2012/11/22 Alexander Klimetschek <ak...@adobe.com>

>
> Why does Jackrabbit/Oak not map JCR hierarchies directly to the filesystem?
>
>
I worked with the proprietary content "repository" of Day's Communique 3
(the contentbus), which stored pages directly on the filesystem. Besides
the things Jukka pointed out I would like to add:

* ACLs: I think it's very hard to map the JCR ACL semantic to filesystem
ACLs (I don't want to discuss here the differences between Windows and *nix
systems regarding access rights, ACLs, RBAC and so on ... true
multiplattform is then a real real hard job). Besides this fact, I don't
think it's a good idea of reuse the user management of your OS and map
system users to JCR users. So in any case you have to do the ACL and
usermanagement stuff on a repository level yourself.
* Dealing with millions or even billions of small files is still a hard job
for a file system, although they improved a lot in the last 10 years.
* Operation people will complain if you need to store these millions of
files on their backup systems, because they need to keep track of every
single file.

So from a operational point of view there are a lot of arguments against a
"every node is file" approach.


-- 
Cheers,
Jörg Hoh,

http://cqdump.wordpress.com

Re: [OT] JCR on a file system

Posted by Jukka Zitting <ju...@gmail.com>.
Hi,

On Thu, Nov 22, 2012 at 8:15 PM, Alexander Klimetschek
<ak...@adobe.com> wrote:
> Why does Jackrabbit/Oak not map JCR hierarchies directly to the filesystem?

As pointed out in the Kafka document, random access over a file system
is terribly inefficient which is why splitting finely grained content
like what you typically see in a content repository to separate files
and directories wouldn't work too well performance-wise with normal
file systems.
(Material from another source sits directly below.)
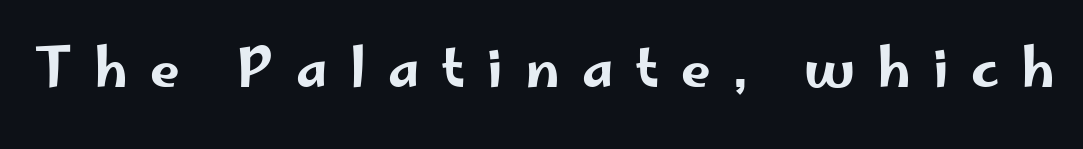
The image shows 53 px wide sans-serif type, upright; set unusually wide letter spacing (+0.42 em), not underlined; low stroke contrast and a small x-height.

Doing so would also suffer from the other issues you
mentioned, most notably lack of atomicity or locking.

Instead, and like Kafka also does, storing repository content in big
journal or collection files is a pretty good idea. That's what our
proprietary TarPM does for Jackrabbit 2.x and you could argue that
also the database-backed PMs and Oak MKs are doing the something
similar through the database engine. (Also git does this with its pack
files.) The main difference to the design as outlined in Kafka is that
for various reasons (remote access, etc.) we've had to add various
levels of in-memory caching especially in Jackrabbit 2.x. In Oak we've
tried to avoid extra caches, and so far only had to add one (that we
could perhaps avoid with OAK-468). If we can keep that goal up, and
further optimize JSON processing at the MK level, it should be
possible also for an Oak stack to work as outlined in the Kafka
document.

BR,

Jukka Zitting

Re: [OT] JCR on a file system

Posted by Lukas Kahwe Smith <ml...@pooteeweet.org>.

On 22.11.2012, at 19:15, Alexander Klimetschek <ak...@adobe.com> wrote:

> Hi everyone,
> 
> I came across [0] and its interesting "Don't fear the filesystem!" section. That brought me to the "stupid" question:
> 
> Why does Jackrabbit/Oak not map JCR hierarchies directly to the filesystem?
> 
> Things that come to my mind, but I am not sure if you couldn't overcome them with some creativity:
> - transactions
> - names: JCR allowing almost unrestricted node names, file systems probably not
> - batch-write performance (though in-memory buffering in OS should have the same effect)
> 
> [0] http://incubator.apache.org/kafka/design.html

sure .. or git

regards,
Lukas